Data extracted from a collection:
......
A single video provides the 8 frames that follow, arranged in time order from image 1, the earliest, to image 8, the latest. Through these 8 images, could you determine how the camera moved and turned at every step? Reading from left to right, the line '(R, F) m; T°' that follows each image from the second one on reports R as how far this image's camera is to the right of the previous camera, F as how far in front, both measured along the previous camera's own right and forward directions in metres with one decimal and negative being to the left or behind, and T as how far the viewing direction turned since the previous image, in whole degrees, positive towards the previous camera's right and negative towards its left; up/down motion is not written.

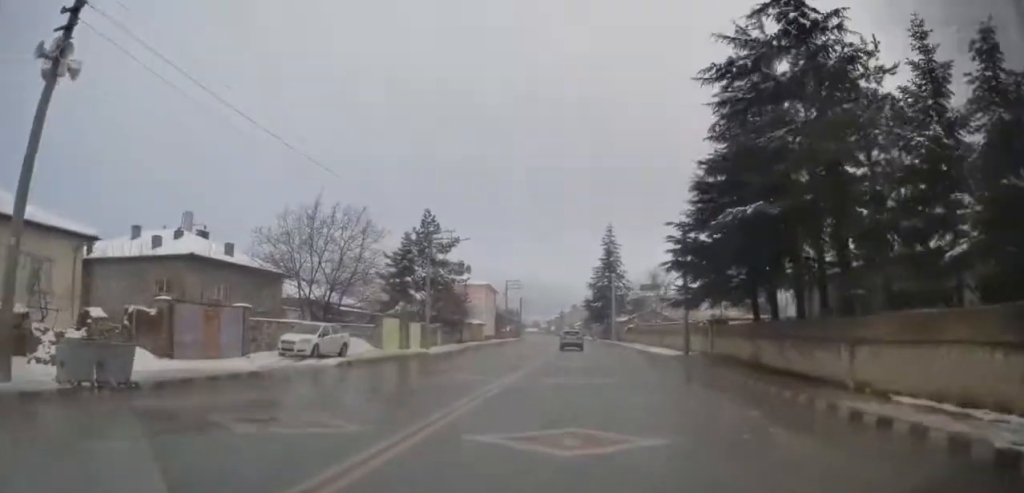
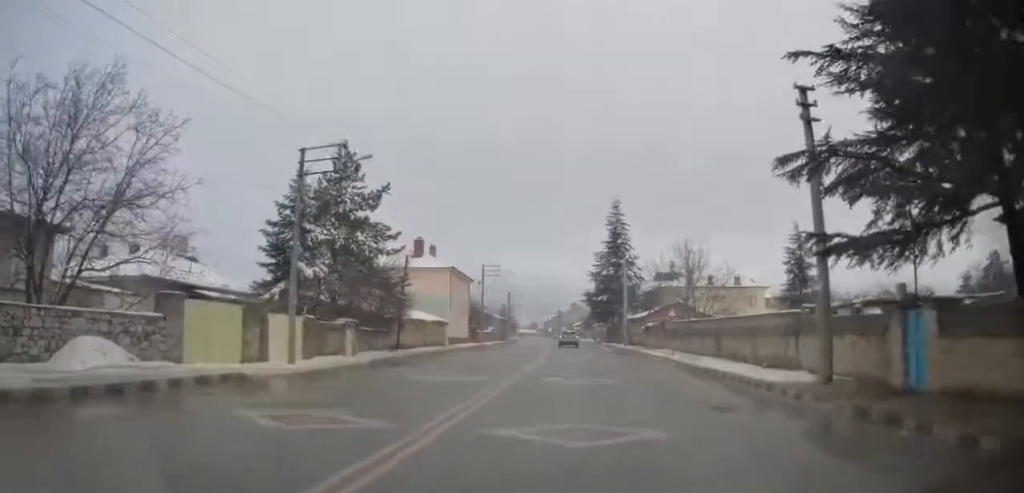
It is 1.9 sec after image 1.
(0.0, +20.0) m; 0°
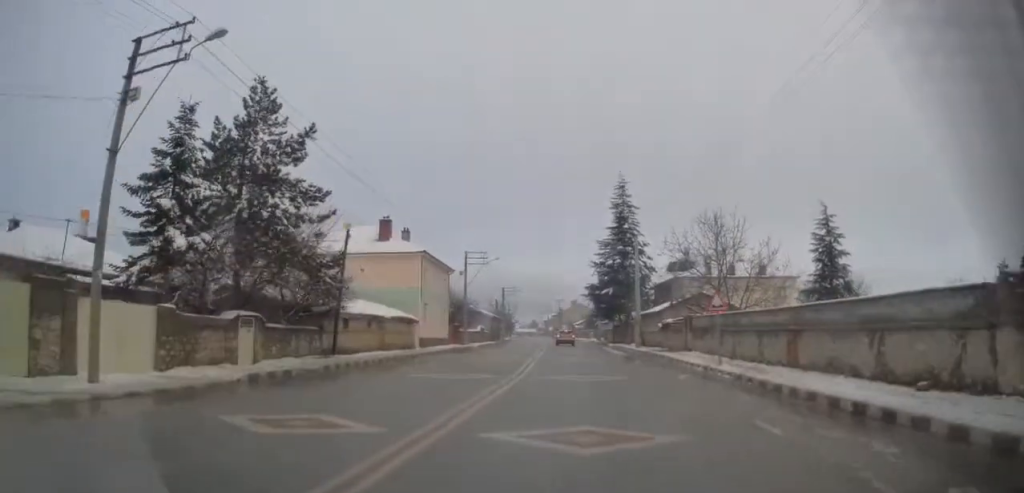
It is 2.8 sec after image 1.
(0.0, +9.8) m; -1°
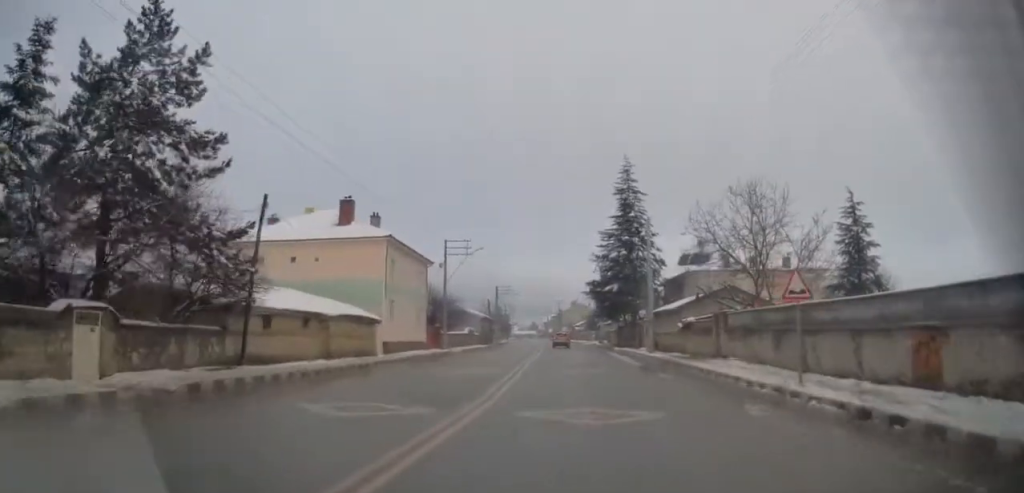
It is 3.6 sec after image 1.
(-0.1, +8.0) m; 0°
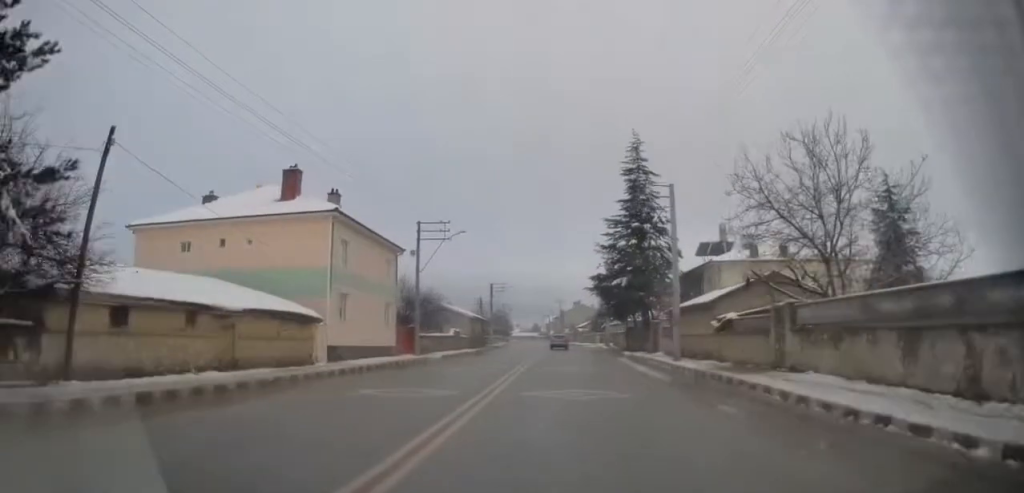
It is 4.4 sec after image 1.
(-0.1, +8.5) m; +1°
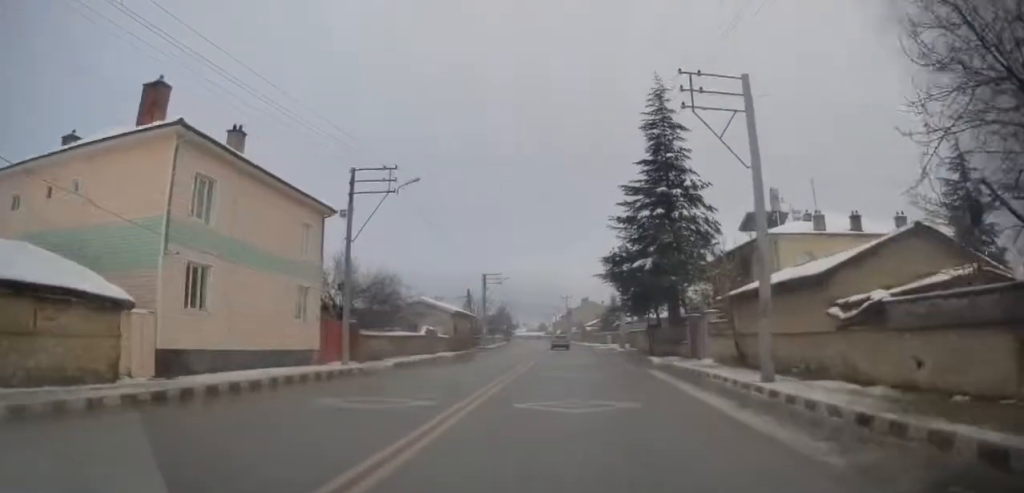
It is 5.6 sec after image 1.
(+0.5, +11.9) m; +3°
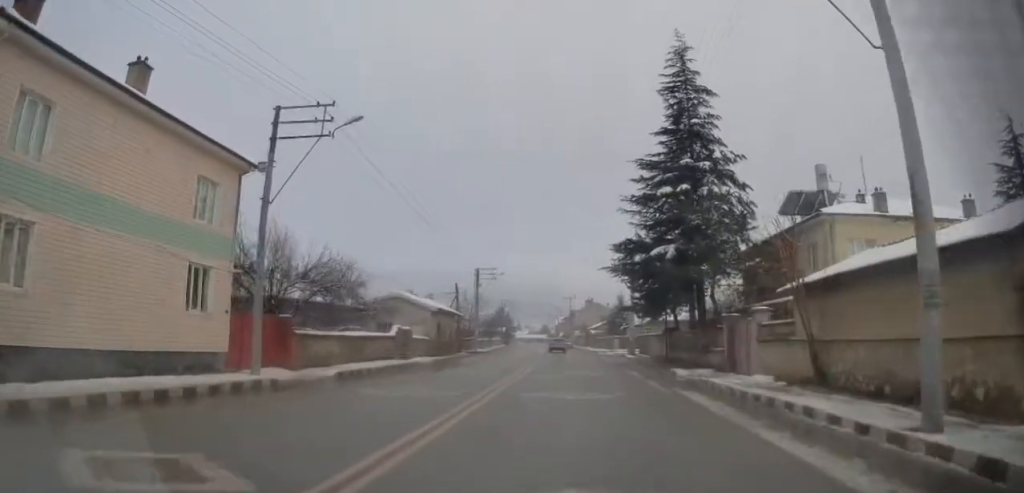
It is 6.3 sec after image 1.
(+0.1, +6.8) m; 0°
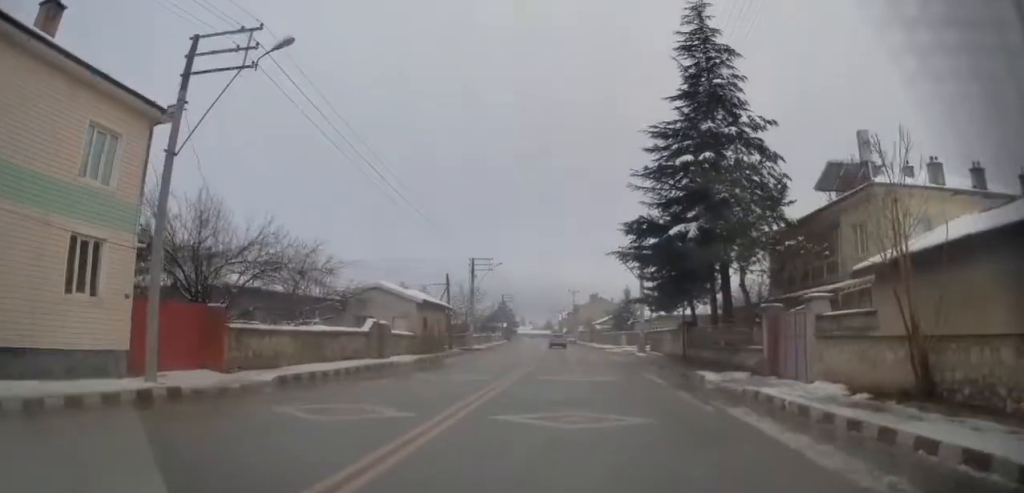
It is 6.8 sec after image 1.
(-0.1, +4.8) m; -1°
......
▶ _Problem details_:
All of the entries need to be copied exactly, minus any pictures.

▶ _Written solution_:
A single video provides the 8 frames that follow, arranged in time order from image 1, the earliest, to image 8, the latest. Through these 8 images, could you determine how the camera moved and turned at every step? Reading from left to right, the line '(R, F) m; T°' that follows each image from the second one on reports R as how far this image's camera is to the right of the previous camera, F as how far in front, both measured along the previous camera's own right and forward directions in metres with one decimal and negative being to the left or behind, and T as how far the viewing direction turned since the previous image, in whole degrees, positive towards the previous camera's right and negative towards its left; up/down motion is not written.

It is 1.9 sec after image 1.
(0.0, +20.0) m; 0°
It is 2.8 sec after image 1.
(0.0, +9.8) m; -1°
It is 3.6 sec after image 1.
(-0.1, +8.0) m; 0°
It is 4.4 sec after image 1.
(-0.1, +8.5) m; +1°
It is 5.6 sec after image 1.
(+0.5, +11.9) m; +3°
It is 6.3 sec after image 1.
(+0.1, +6.8) m; 0°
It is 6.8 sec after image 1.
(-0.1, +4.8) m; -1°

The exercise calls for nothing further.